Frustrated woman threatens breakup over "frog" in boyfriend's throat

StaceyNHerrera

**This is a work of nonfiction based on actual events as told to me by a close friend, who experienced them firsthand; used with permission.

My friend, who has been in a relationship for a little more than a year, called me in a panic recently.

“What’s wrong?” I asked, bracing myself for bad news.

“It’s my boyfriend,” she replied. “He won’t stop clearing his throat.”

I could hear the worry in her voice, but I wasn’t sure how to react. On the one hand, it seemed like a pretty minor issue. On the other hand, I knew how much my friend valued her relationship, and I didn’t want to downplay her concerns.

“That does sound trying,” I said slowly. “Is there anything you can do to help him stop?”

“I’ve tried everything!” she exclaimed. “I’ve begged him to see a doctor, I’ve bought him every throat lozenge on the market, I’ve even tried massaging his neck! Nothing works.”

“Well,” I said, trying to think of something comforting to say. “At least he’s not coughing all the time. That would be really annoying,” I said in a failed attempt to lighten the mood.

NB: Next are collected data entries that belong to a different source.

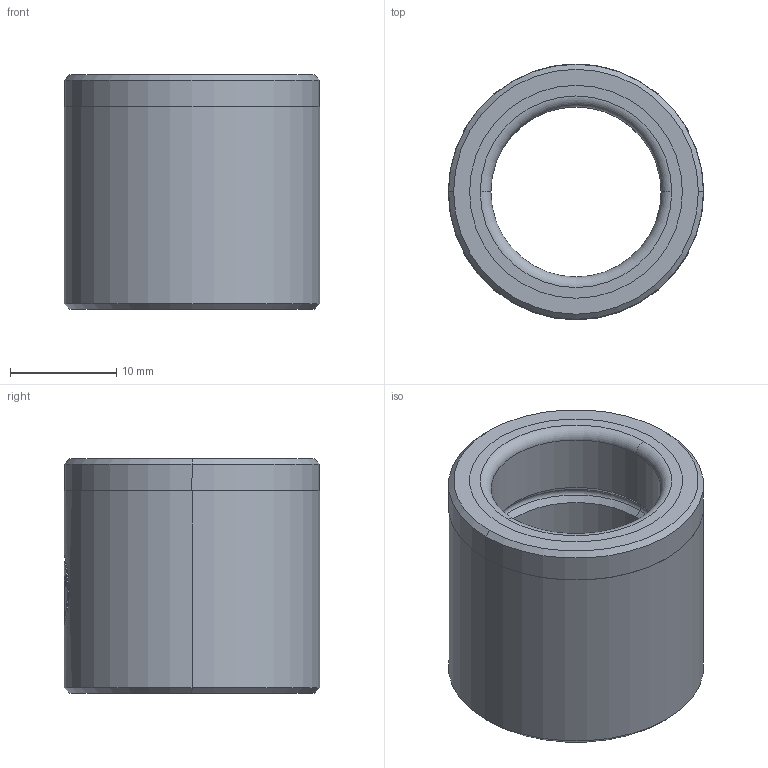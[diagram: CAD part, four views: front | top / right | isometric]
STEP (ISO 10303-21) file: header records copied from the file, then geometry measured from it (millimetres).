
FILE_DESCRIPTION (( 'STEP AP214' ), '1' );
FILE_NAME ('SGSF-D24-d16-22.STEP', '2021-07-29T10:30:28', ( 'User' ), ( 'china' ), 'SwSTEP 2.0', 'SolidWorks 2016', '' );
FILE_SCHEMA (( 'AUTOMOTIVE_DESIGN' ));
Length unit declared in the file: millimetre
Products named in the file (3): SGSF-D24-D16-22肣杶; SGSF-D24-D16-22詩杶; SGSF-D24-d16-22
Assembly tree (2 placements, depth 2):
  SGSF-D24-d16-22
    SGSF-D24-D16-22詩杶
    SGSF-D24-D16-22肣杶
Bounding box: 24 x 24 x 22 mm (x, y, z)
Volume: 5417.8 mm3; surface area: 6002.2 mm2
Topology: 2 solids, 2 shells, 59 faces, 132 edges, 80 vertices
Faces by surface type: cylinder 26, plane 13, cone 12, torus 8
Entity records: 2000 total; most frequent: CARTESIAN_POINT 580, DIRECTION 292, ORIENTED_EDGE 264, EDGE_CURVE 132, AXIS2_PLACEMENT_3D 120, VERTEX_POINT 80, EDGE_LOOP 66, ADVANCED_FACE 59

My friend sighed. “I know. But it’s just so constant. I can’t even get any sleep. It’s driving me crazy!”

“Maybe you could try talking to him about it again,” I suggested. “See if he has any ideas about what might help. And in the meantime, maybe you could try wearing earplugs?”

“Earplugs?” she repeated, sounding doubtful.

“Yeah, why not? It couldn’t hurt,” I said. “And it might help you get some much-needed rest.”

She thanked me for my advice and hung up. Two weeks later, she reported that “operation earplugs” was a bust.

“At this point, I’m ready to call it quits,” she confided. “I can’t take it anymore. I refuse to live with a man who has a perpetual ‘frog’ in his throat!”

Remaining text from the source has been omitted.